Quando me estreara, em 1962, como advogado em prática individual generalista, o Direito Público era quase inexistente como área de prática. Mas as oportunidades de trabalho nesse domínio foram sempre crescendo, ao passo que eu me especializava, em virtude do meu percurso universitário.
E, sucessivamente, antigos alunos e outros meus anteriores estagiários manifestaram o desejo de trabalhar comigo. Queriam advogar e fazer carreira académica, mas alguns deles haviam sido confrontados com a necessidade de pôr de lado os projetos universitários, caso pretendessem fazer advocacia.

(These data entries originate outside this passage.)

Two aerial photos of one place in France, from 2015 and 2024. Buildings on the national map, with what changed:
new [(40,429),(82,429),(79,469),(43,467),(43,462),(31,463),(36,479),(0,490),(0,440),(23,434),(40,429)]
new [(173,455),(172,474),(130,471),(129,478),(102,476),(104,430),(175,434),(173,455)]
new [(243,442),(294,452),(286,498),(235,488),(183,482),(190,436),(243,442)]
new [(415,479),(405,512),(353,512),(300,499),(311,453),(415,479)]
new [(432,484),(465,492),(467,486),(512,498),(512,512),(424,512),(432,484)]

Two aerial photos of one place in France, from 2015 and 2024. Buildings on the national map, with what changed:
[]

O meu ímpeto inovatório foi o de entender, baseado na experiência própria, que a presença de académicos beneficiaria um fundo de conhecimento na sociedade de advogados, capaz de se refletir na profundidade e novidade das análises e das estratégias.
Hoje, este exemplo é frequentemente seguido.

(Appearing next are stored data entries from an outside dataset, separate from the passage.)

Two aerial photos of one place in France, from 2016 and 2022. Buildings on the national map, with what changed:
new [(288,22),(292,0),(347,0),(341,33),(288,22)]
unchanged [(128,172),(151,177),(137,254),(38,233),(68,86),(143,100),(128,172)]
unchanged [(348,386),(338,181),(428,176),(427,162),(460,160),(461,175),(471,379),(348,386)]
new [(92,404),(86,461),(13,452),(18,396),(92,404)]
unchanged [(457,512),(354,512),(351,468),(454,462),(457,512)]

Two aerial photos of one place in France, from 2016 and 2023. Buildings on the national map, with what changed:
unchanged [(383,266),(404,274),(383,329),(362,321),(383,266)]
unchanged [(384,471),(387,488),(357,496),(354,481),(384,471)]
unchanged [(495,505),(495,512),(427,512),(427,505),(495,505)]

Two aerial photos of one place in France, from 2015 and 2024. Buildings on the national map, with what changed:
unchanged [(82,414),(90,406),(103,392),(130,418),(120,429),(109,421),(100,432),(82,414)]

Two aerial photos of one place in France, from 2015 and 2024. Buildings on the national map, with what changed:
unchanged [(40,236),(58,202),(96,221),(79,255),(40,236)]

Entretanto, o acesso à qualidade de sócio, pretendido a partir de certa altura pelos juspublicistas que se haviam reunido à minha volta, não se mostrava viável no seio da primeira Sociedade em que eu participava e, por isso, se concertou pacificamente uma cisão, que permitiu a emergência da anterior “Sérvulo Correia & Associados”.
Embora com maioria inicial de advogados e trabalho nas áreas do Direito Constitucional e Administrativo, esta teve, desde o início, núcleos de Direito Penal e Contraordenacional, Direito Tributário e “Corporate”, na altura liderados por Teresa Serra, Rogério Fernandes Ferreira e Vasco Ataíde Marques.

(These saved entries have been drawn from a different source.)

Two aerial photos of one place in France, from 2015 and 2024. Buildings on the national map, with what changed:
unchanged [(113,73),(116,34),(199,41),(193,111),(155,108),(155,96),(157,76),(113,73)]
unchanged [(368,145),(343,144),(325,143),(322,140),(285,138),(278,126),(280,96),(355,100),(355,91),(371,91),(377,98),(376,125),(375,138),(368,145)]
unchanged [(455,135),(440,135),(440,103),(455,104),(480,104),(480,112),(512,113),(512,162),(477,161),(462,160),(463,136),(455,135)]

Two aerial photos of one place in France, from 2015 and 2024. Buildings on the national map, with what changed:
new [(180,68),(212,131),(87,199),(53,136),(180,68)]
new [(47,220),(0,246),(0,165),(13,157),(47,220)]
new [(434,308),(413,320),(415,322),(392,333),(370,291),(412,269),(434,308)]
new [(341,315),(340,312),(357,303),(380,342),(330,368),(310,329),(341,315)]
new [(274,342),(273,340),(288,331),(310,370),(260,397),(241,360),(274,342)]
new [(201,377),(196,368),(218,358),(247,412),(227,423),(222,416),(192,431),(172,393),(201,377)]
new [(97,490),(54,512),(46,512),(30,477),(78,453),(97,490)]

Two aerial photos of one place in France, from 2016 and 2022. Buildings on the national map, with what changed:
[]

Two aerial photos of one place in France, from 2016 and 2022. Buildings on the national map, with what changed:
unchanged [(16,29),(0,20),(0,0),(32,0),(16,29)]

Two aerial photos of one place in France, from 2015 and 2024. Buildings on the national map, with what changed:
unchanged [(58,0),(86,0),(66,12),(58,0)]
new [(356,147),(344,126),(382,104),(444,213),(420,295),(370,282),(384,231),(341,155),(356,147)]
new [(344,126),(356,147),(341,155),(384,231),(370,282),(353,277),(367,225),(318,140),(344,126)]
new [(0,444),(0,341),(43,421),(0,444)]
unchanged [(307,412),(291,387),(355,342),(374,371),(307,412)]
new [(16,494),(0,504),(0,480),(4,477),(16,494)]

À anterior “Sérvulo Correia & Associados”, sucedeu a “Sérvulo & Associados”. Esta evolução foi marcada pelo aumento do corpo de sócios e associados e pela vinda do escritório para o Chiado. Hoje, somos uma sociedade multidisciplinar, composta por poderosos departamentos para além do departamento de Direito Público.
De há muito que o achievement é, cada vez menos, o meu e, é cada vez mais, o do coletivo. Digo, sem exagerar, que a atual Sociedade, com o crescente apuramento do seu planeamento e da sua gestão, é hoje o fruto da iniciativa de muitos outros sócios e dos profissionais das áreas de suporte, o quais constituem uma componente essencial.
Destaco o papel dos sucessivos Managing Partners Rui Medeiros, Paulo Câmara e Manuel Magalhães na modernização e na energização da nossa sociedade de advogados. Pessoalmente, nunca tive gosto e competência para as tarefas organizativas. O trabalho jurídico é aquilo que me atrai.
Por tudo isto, e dado o avanço na idade, resignarei, com efeito em 1 de janeiro de 2026, aos cargos de Presidente do Conselho de Administração e de Presidente da Assembleia Geral. Embora extremamente interessado no futuro próspero da Sérvulo, esse futuro já não me respeita diretamente e seria abusivo querer intervir na sua conformação. Enquanto os meus sócios assim o quiserem, continuarei sócio sem mais.
As sociedades de advogados enfrentam hoje grandes problemas. Um ciclo da História de Portugal, com início no 25 de Abril de 1974, chega manifestamente ao seu fim e não é ainda claro o modo como os portugueses deverão enfrentar os tempos que aí vêm. Será muito desejável que os advogados se unam em torno da sua Ordem, uma Ordem adversa à luta de classes no seu seio e virada para a defesa da liberdade do exercício da advocacia e para a sustentabilidade do início desse exercício pelos mais novos. O histórico papel da advocacia encontra-se ameaçado por um cenário internacional hostil aos defensores do Estado de Direito e por uma comunicação impermeável à nobreza do nosso múnus. Sobretudo enquanto se unirem para esse efeito nos planos interno e internacional, as sociedades de advogados serão um agente efetivo na luta contra tal estado de coisas.
A todas e a todos os advogados, cujos métodos de trabalho terão de se adaptar a novas tecnologias e a um mutante ambiente institucional, desejo lucidez, arrojo e autoexigência quanto ao rigor do trabalho jurídico. Que as circunstâncias acabem por lhes ser propícias é o voto de alguém que se apresta para seguir viagem.